On May 29, 2024, a number of amendments were made to the Turkish Commercial Code (“TCC”) by the “Law Amending the Turkish Commercial Code and Certain Laws” numbered 7511 (“Amending Law”). Main features of the Amending Law are as follows:
- Minimum Share Capital Requirement
The minimum requirements for share capital were increased on November 25, 2023, (i) from 50,000 TL to 250,000 TL for joint-stock companies, (ii) from 100,000 TL to 500,000 TL for non-public joint-stock companies that have adopted the registered capital system, and (iii) from 10,000 TL to 50,000 TL for limited liability companies. As per the new Provisional Article 15, both the joint-stock companies and the limited liability companies established before such rule and whose share capital is below the minimum required amounts are now under an obligation to increase their share capital to the amounts provided above by December 31, 2026. Any failure to increase their share capital to the required amounts by the specified deadlines shall result in dissolution of the breaching companies, except for companies in the registered capital system, which shall only exit the registered capital system rather than being dissolved.
To facilitate the process, for the general assembly meetings relating to share capital increases, there is no meeting quorum requirement and the voting quorum shall be the majority of those present in the relevant general assembly meeting (as opposed to the previous voting quorum of “¼ of shareholding” and meeting quorum of “majority of the attendees”), and the privileges set forth in the articles of association cannot be used in these resolutions.
The authority to extend the “December 31, 2026” deadline is granted to T.R. Ministry of Commerce, for a maximum of two times for additional periods of one year.
- Allocation of Duties of the Board Members
Article 366 of the TCC set forth that the board of directors of joint stock companies were required to allocate the duties amongst themselves for periods of one year, which created difficulties when such board members were appointed for longer terms. This rule has been abolished by the Amending Law, and the current version does not set forth a maximum term for allocation. As the maximum term of office for the board of directors is three years pursuant to Article 362 of the TCC, the board of directors will de facto allocate the duties in the board of directors, for a maximum term of three years. It should also be noted that there is no obstacle for companies to distribute duties every year.
- Non-delegable Duties of the Board of Directors
Article 375 of the TCC included that “the appointment and dismissal of managers/directors and persons with similar functions and their signature authorities” was one of the non-delegable powers of the board of directors. However, this paragraph has been amended to indicate that “appointing branch managers and granting them signature authorities” is no longer a non-delegable authority.

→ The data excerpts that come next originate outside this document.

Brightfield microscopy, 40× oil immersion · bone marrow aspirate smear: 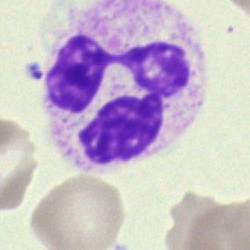

Single cell identified as a neutrophil (segmented).
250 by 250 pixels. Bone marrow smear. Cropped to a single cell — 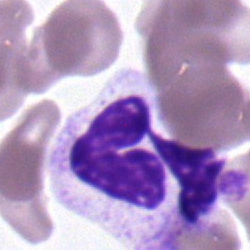 Cell: myelocyte.
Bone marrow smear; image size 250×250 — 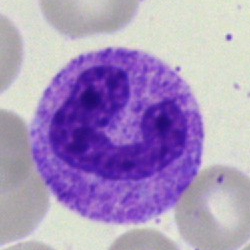 Q: What type of cell is this?
A: This is a neutrophil (band).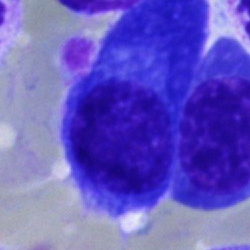 {"cell_type": "plasma cell", "lineage": "lymphoid"}
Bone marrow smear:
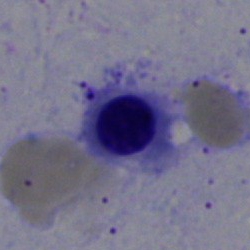
Erythroblast.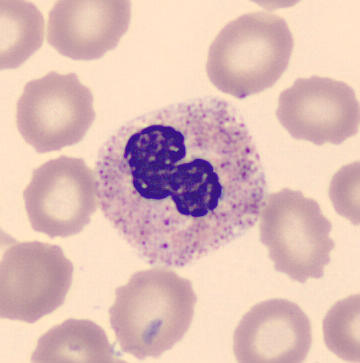 Acquisition: Peripheral blood smear. Imaged on a CellaVision DM96 analyser.
Impression → neutrophil (segmented).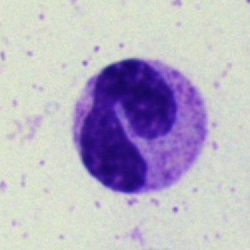

The cell is polymorphonuclear neutrophil.
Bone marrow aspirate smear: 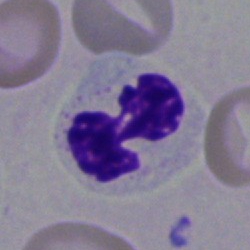 The cell shown is a segmented neutrophil.
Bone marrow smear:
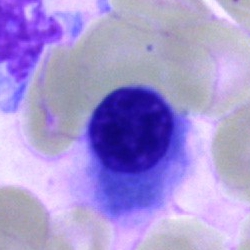This is an erythroblast.
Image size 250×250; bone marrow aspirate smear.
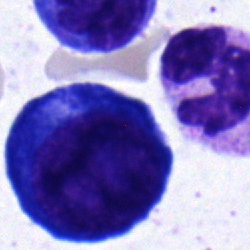 The cell shown is a pronormoblast.
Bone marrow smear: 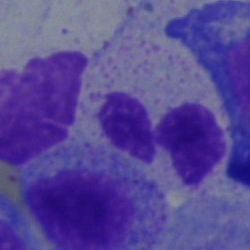

Impression — segmented neutrophil.
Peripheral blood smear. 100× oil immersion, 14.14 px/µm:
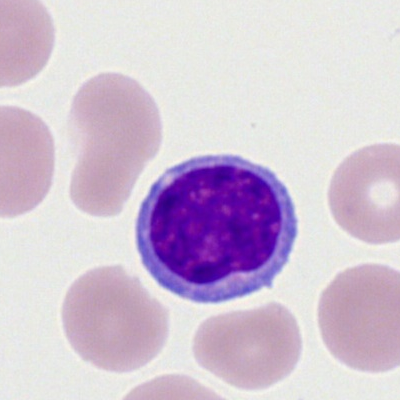
Single cell identified as a typical lymphocyte.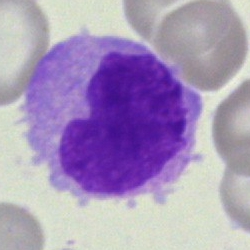
The classification is monocyte.
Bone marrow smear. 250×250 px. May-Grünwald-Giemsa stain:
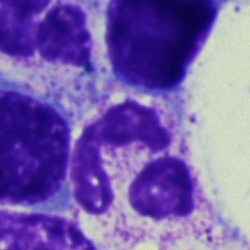Single cell identified as a neutrophil (segmented).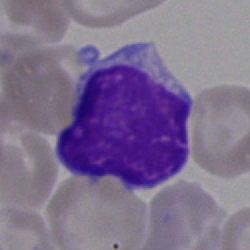Impression — lymphocyte.
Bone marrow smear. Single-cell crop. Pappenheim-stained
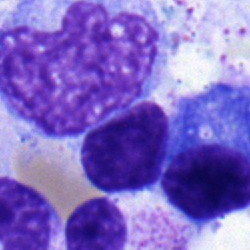Single cell identified as a lymphocyte.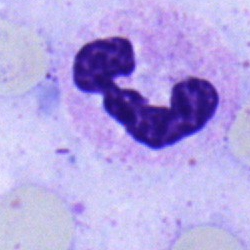
Cell type = segmented neutrophil.
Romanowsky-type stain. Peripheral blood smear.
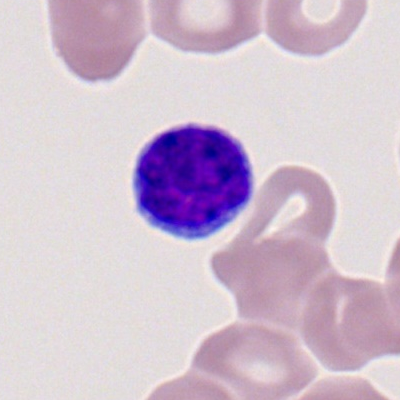
This is a typical lymphocyte.
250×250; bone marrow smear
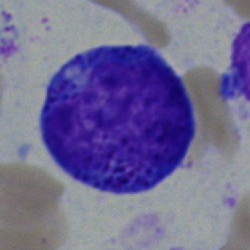Specimen: bone marrow aspirate smear.
Classification: progranulocyte.
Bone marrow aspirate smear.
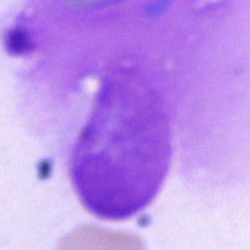 Q: What is shown here?
A: An artifact.
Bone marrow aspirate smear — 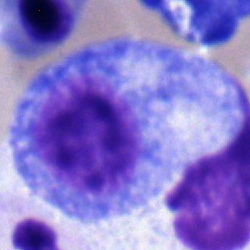 A promyelocyte.
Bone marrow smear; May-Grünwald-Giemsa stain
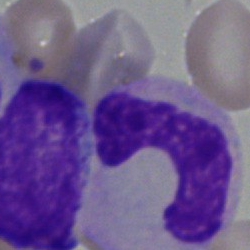The classification is band neutrophil.
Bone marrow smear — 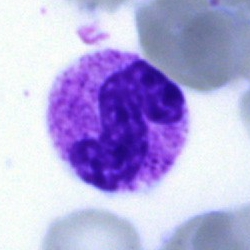
A band neutrophil.
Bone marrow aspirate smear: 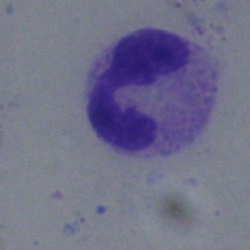Q: What is shown here?
A: Neutrophil (segmented).
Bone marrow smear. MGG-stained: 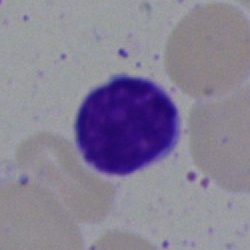
Q: Identify the cell.
A: Typical lymphocyte.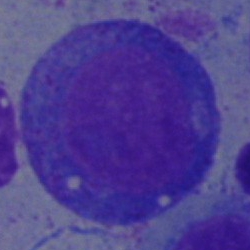Cell — progranulocyte.
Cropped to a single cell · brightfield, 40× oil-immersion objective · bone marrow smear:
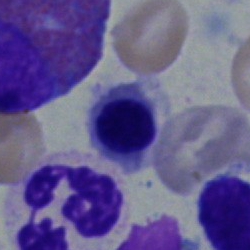
Morphology — nucleated red cell.
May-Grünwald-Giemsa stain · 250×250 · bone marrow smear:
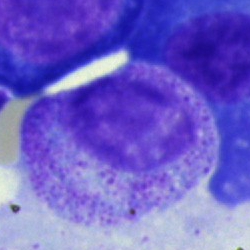

Cell type: myelocyte.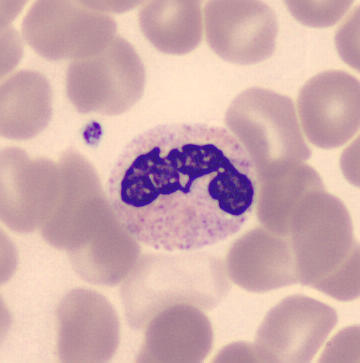
Preparation: Peripheral blood film. Morphology → segmented neutrophil.
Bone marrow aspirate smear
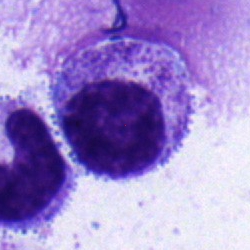 Single cell identified as a myelocyte.
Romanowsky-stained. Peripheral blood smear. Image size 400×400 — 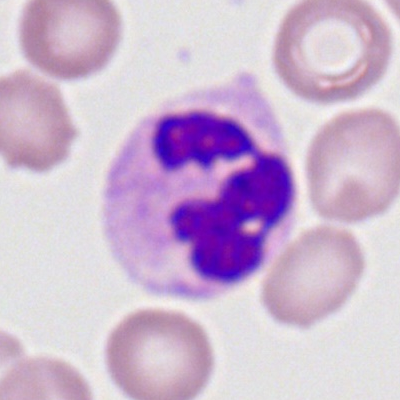

The cell type is polymorphonuclear neutrophil.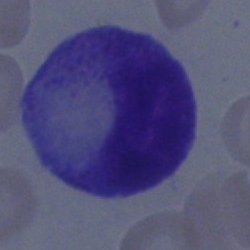The classification is progranulocyte.
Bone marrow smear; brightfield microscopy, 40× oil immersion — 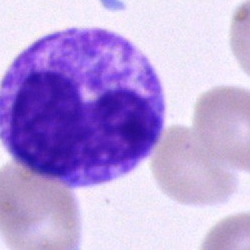 This is a metamyelocyte.
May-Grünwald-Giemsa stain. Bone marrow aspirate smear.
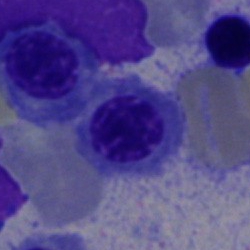Showing a normoblast.
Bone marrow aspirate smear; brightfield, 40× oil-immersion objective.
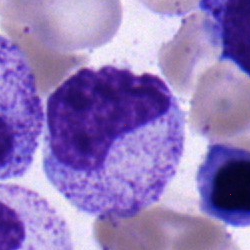
This is a myelocyte.
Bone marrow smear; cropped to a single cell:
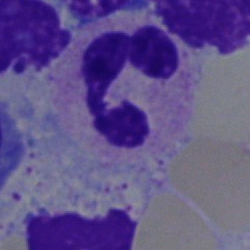Showing a polymorphonuclear neutrophil.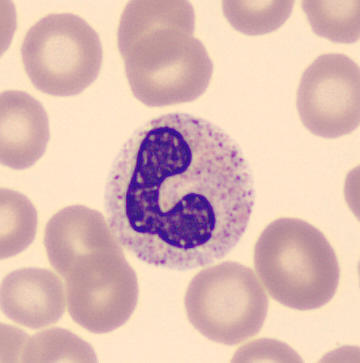

Single cell identified as a neutrophil (segmented).

Preparation: Peripheral blood film.

- Call for Convening the Board of Directors Meeting
Article 392 of the TCC only allowed the chairman of the board of directors to convene a board of directors meeting. This created difficulties in convening meetings in the past, and now with the amendments, any member of the board of directors shall be entitled make a written request to the chairman of the board of directors, following such request, the chairman has the discretion to call a meeting if deemed appropriate. However, if the request is made by the majority of the board members, the chairman is required to call a meeting within 30 days following receipt of such request. In case of any failure to call such meeting, the majority of the board of directors shall be entitled to call the meeting themselves. The amendment also allows joint stock companies to regulate different procedures in their articles of association.